EXERCISE AIM >> Please retype the entries below word for word, passing over every picture.

Top of INPUT MATERIAL

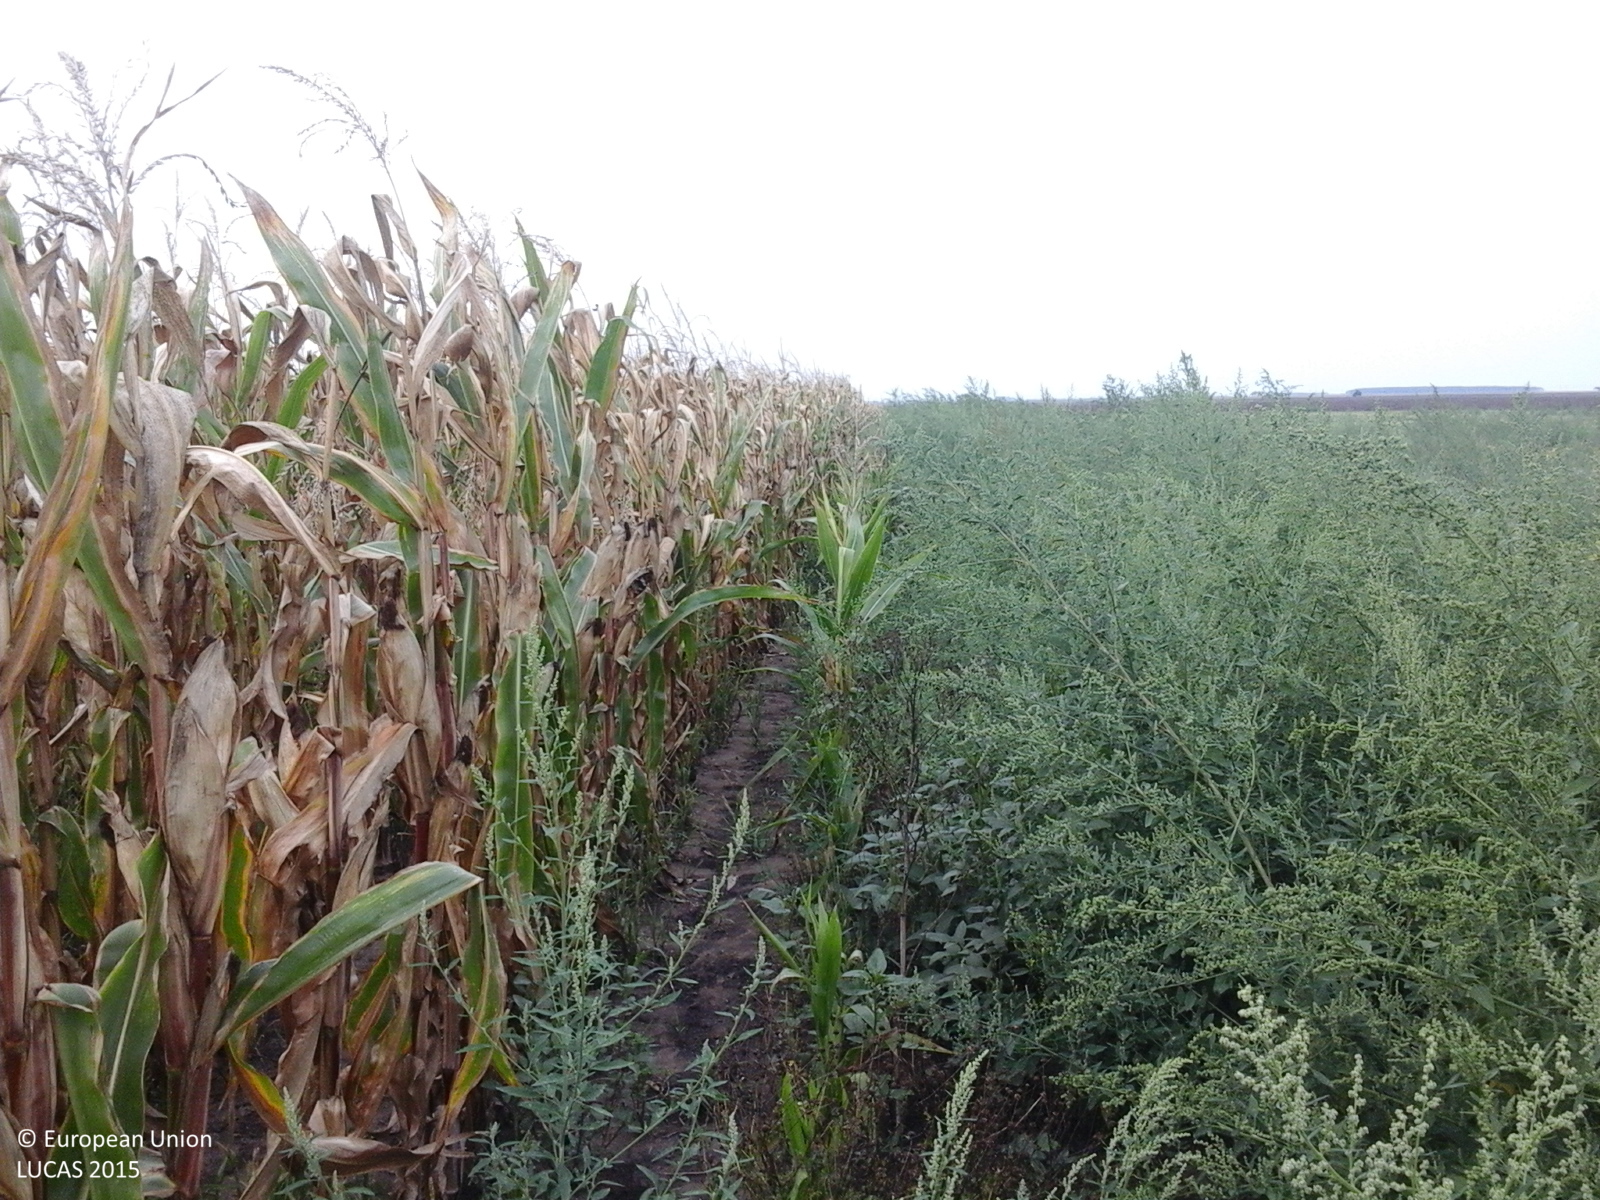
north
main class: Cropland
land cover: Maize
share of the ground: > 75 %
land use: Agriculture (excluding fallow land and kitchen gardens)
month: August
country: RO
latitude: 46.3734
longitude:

Bottom of INPUT MATERIAL

RESPONSE FOR THIS EXERCISE >>
north
main class: Cropland
land cover: Maize
share of the ground: > 75 %
land use: Agriculture (excluding fallow land and kitchen gardens)
month: August
country: RO
latitude: 46.3734
longitude:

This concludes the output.